Zenrelia

Overview

On 12 June 2025, the Committee for Veterinary Medicinal Products (CVMP) adopted a positive opinion*, recommending the granting of a marketing authorisation for the veterinary medicinal product Zenrelia, film-coated tablets, intended for dogs. The applicant for this veterinary medicinal product is Elanco GmbH.

Zenrelia is a dermatological medicinal product containing ilunocitinib (ATCvet code QD11AH92) as the active substance. Ilunocitinib is a Janus kinase (JAK) inhibitor. It inhibits the function of a variety of pruritogenic and pro-inflammatory cytokines, as well as cytokines involved in allergies which are dependent on JAK enzyme activity. Ilunocitinib has minimal impact on other protein and lipid kinases and has therefore limited risk of off-target effects.

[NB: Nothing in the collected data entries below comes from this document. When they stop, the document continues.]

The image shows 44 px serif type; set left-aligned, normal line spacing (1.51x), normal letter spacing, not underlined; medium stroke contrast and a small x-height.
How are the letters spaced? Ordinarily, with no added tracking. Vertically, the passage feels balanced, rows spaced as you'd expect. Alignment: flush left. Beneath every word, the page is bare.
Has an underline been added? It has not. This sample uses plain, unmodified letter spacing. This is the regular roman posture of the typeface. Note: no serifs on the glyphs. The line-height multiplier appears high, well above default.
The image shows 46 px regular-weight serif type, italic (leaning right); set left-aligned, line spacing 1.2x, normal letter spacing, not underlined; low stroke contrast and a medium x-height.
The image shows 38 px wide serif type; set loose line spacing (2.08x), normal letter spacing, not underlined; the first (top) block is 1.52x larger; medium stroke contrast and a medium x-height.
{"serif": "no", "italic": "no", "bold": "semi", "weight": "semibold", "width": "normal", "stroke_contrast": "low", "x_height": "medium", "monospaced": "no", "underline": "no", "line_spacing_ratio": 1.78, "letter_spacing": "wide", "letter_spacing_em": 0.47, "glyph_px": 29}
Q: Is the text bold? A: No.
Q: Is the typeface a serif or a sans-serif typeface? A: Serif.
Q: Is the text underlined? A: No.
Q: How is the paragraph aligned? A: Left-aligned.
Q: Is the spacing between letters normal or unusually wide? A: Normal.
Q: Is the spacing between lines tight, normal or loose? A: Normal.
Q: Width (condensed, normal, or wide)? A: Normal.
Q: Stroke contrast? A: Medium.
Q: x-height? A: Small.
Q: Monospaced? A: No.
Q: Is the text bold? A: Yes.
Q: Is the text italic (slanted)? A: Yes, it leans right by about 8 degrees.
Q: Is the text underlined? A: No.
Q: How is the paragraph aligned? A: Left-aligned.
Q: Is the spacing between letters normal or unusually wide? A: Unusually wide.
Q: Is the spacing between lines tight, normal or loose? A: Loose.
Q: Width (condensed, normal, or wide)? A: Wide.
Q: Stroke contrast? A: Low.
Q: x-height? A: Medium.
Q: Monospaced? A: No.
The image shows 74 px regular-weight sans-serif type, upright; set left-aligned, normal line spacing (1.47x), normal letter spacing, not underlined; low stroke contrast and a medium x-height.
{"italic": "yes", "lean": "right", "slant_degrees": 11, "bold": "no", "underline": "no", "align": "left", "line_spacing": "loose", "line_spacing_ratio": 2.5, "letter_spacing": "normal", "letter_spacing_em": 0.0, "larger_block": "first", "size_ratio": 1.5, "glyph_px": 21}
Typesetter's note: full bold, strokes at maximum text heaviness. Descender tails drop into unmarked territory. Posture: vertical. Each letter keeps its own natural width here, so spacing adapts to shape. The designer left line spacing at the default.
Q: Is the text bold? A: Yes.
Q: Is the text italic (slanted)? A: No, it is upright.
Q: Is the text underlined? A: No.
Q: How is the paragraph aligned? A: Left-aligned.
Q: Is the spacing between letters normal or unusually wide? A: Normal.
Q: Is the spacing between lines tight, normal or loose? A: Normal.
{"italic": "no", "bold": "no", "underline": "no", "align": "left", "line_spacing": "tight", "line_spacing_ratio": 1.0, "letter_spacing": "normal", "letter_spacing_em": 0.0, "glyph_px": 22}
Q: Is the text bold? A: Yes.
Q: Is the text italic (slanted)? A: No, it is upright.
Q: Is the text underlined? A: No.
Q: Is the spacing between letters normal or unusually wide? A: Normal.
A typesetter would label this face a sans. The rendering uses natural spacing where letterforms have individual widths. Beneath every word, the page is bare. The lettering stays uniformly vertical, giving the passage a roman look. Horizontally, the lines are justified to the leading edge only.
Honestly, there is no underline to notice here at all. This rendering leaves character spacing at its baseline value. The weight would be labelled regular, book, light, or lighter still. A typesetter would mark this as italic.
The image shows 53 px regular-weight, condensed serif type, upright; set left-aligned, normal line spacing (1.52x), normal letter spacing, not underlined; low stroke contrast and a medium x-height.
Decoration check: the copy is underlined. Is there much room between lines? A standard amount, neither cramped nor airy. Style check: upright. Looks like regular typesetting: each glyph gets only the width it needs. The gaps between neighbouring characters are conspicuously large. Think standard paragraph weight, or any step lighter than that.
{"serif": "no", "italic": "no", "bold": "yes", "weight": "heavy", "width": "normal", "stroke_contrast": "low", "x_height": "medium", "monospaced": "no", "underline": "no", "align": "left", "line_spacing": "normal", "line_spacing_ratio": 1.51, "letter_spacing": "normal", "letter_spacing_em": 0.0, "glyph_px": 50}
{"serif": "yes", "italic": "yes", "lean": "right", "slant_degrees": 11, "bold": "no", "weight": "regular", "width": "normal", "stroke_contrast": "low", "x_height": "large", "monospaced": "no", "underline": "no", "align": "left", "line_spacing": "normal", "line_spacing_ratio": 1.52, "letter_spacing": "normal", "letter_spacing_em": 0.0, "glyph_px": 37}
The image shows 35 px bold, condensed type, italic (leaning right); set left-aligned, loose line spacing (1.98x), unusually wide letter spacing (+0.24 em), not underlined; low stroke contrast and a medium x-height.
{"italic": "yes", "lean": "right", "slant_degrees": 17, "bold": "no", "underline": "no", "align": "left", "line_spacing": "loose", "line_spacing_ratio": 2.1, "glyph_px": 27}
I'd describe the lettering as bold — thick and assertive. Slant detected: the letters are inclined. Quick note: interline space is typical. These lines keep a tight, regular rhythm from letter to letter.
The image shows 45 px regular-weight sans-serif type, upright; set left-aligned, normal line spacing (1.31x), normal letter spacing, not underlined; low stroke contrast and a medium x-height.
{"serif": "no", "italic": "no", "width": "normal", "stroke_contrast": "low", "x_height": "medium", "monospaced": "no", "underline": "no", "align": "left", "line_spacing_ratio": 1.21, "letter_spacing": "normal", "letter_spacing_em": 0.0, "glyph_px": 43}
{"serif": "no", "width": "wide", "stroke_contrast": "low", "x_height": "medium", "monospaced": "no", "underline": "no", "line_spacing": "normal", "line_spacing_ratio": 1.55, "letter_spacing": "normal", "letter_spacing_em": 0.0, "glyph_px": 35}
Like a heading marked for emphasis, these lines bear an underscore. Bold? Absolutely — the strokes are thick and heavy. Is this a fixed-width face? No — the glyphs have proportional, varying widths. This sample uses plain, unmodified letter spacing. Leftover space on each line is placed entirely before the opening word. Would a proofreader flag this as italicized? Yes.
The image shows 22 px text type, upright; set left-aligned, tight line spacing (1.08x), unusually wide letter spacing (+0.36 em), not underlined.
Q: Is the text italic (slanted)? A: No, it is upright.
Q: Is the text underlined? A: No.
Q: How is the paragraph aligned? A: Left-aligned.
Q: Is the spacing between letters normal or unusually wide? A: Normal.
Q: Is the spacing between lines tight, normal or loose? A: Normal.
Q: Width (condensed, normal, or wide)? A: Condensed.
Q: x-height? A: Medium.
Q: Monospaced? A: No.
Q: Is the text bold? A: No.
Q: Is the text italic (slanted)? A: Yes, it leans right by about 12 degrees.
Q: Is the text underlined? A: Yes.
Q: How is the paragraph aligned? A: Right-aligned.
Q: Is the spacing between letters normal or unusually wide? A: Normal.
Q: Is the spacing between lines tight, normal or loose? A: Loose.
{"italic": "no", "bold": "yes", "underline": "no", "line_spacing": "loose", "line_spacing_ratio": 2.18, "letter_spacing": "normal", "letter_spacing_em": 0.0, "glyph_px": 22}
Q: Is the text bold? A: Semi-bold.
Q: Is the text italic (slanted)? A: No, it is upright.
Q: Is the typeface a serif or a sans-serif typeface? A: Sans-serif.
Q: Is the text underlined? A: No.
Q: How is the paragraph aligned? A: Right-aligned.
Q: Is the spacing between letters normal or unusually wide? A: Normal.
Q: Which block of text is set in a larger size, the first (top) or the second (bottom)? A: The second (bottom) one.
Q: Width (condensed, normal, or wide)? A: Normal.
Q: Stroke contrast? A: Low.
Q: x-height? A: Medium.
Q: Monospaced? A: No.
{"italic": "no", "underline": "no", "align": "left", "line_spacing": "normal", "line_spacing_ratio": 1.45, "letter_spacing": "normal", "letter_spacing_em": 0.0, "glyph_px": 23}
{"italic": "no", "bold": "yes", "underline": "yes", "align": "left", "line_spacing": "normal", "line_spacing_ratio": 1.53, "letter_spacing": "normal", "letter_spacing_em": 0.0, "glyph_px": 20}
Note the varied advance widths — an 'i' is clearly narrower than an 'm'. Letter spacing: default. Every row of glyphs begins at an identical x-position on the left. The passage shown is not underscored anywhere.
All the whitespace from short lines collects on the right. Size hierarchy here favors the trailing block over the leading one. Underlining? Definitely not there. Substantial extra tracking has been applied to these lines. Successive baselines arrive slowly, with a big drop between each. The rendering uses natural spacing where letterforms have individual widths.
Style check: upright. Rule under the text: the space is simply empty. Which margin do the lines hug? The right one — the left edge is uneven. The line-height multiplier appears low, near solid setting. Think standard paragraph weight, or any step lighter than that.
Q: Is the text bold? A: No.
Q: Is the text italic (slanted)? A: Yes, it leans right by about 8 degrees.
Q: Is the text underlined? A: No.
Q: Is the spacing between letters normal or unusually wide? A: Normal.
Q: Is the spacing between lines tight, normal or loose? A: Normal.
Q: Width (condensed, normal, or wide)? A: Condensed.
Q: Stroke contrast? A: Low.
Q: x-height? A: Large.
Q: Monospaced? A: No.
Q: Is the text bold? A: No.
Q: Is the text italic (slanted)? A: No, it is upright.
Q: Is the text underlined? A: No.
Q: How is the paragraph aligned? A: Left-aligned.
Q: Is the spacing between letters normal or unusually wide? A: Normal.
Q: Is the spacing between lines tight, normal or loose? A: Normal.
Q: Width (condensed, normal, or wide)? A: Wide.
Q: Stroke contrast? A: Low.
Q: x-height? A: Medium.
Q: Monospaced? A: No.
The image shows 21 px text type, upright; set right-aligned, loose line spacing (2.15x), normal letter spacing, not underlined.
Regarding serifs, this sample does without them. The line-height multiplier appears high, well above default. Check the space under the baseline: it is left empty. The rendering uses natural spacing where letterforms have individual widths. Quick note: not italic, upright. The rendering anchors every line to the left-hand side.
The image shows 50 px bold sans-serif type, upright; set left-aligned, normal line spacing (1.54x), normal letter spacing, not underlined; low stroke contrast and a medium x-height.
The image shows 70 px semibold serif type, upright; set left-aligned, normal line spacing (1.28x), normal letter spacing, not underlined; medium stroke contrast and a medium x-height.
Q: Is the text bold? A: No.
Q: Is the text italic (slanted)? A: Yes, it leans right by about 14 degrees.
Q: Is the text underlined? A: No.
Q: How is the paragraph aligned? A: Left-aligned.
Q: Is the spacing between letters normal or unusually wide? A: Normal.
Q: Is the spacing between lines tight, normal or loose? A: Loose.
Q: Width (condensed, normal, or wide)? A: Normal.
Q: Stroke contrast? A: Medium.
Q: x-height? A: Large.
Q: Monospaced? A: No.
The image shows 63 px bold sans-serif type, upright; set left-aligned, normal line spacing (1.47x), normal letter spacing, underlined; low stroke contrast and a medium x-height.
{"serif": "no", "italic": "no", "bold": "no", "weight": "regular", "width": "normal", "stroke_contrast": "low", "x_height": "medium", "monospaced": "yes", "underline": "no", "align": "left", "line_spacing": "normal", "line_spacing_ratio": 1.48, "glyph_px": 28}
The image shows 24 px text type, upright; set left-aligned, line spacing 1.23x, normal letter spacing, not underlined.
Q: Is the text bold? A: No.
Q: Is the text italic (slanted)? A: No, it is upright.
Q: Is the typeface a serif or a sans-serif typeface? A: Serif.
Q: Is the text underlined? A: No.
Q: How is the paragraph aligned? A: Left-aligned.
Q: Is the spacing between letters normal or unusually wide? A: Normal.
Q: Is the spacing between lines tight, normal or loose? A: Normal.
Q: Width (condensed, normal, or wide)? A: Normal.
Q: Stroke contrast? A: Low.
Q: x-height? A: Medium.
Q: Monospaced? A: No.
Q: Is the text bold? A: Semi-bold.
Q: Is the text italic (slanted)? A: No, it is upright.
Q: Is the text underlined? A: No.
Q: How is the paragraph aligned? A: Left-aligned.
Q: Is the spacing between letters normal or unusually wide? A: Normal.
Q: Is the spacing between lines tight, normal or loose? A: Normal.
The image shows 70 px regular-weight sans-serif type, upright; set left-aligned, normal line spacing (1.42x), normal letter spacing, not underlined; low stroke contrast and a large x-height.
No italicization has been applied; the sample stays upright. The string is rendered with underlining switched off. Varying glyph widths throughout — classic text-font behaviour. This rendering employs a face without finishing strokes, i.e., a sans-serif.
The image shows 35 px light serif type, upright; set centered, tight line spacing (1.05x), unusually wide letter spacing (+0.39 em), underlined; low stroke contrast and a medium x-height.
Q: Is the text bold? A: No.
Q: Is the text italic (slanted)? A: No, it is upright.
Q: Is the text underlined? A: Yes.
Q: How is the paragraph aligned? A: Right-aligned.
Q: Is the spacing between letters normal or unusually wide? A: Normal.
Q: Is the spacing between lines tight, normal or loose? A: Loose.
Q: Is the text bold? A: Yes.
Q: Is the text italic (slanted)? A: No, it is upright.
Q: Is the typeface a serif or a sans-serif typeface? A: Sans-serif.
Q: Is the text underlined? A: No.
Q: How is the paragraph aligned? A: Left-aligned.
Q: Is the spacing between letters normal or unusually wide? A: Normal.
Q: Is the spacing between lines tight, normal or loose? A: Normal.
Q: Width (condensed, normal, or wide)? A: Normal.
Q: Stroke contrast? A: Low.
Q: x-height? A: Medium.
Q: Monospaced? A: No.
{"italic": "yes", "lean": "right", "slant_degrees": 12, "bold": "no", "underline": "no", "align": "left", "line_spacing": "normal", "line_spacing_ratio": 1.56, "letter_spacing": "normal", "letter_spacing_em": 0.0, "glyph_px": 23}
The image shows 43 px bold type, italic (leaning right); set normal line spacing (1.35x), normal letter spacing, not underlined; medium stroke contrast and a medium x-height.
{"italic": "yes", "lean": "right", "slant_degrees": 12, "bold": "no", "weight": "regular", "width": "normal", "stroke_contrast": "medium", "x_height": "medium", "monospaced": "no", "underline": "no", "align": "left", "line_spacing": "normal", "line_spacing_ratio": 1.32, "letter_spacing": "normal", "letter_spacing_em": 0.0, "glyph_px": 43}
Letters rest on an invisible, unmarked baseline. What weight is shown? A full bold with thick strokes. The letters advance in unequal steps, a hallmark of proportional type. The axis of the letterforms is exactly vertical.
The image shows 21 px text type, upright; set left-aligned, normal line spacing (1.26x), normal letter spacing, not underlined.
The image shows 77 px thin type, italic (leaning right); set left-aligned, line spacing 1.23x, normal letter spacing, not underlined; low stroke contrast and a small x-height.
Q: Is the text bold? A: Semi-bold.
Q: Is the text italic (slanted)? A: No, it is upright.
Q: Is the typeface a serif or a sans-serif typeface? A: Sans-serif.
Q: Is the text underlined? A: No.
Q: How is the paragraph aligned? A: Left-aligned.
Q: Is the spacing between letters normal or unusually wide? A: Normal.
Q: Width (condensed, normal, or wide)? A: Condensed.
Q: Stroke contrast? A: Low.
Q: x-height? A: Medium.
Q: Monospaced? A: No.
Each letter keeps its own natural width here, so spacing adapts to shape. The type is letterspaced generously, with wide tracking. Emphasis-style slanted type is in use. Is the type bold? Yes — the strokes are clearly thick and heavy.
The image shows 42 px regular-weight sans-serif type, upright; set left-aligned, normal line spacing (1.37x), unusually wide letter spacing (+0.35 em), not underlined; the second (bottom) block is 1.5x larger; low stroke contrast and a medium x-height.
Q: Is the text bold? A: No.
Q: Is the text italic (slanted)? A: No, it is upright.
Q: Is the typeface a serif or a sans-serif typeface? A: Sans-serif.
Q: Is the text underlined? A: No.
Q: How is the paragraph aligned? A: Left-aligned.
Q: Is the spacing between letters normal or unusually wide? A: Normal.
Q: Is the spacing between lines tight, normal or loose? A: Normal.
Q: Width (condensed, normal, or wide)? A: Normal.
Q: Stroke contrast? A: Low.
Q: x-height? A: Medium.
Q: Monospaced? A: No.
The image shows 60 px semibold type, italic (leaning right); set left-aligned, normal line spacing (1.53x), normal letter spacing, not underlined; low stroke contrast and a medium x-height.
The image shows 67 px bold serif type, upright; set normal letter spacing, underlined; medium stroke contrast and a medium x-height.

The benefits of Zenrelia are its efficacy in the treatment of pruritus associated with allergic dermatitis in dogs, and in the treatment of clinical manifestations of atopic dermatitis in dogs.

The most common side effects are emesis, diarrhoea and lethargy.

Detailed conditions for the use of this product are described in the summary of product characteristics (SPC) which will be published in the Union Product Database (UPD) and will be available in all official European Union languages after the marketing authorisation has been granted by the European Commission.

The CVMP, on the basis of quality, safety and efficacy data submitted, considers that there is a favourable benefit-risk balance for Zenrelia and therefore recommends the granting of the marketing authorisation.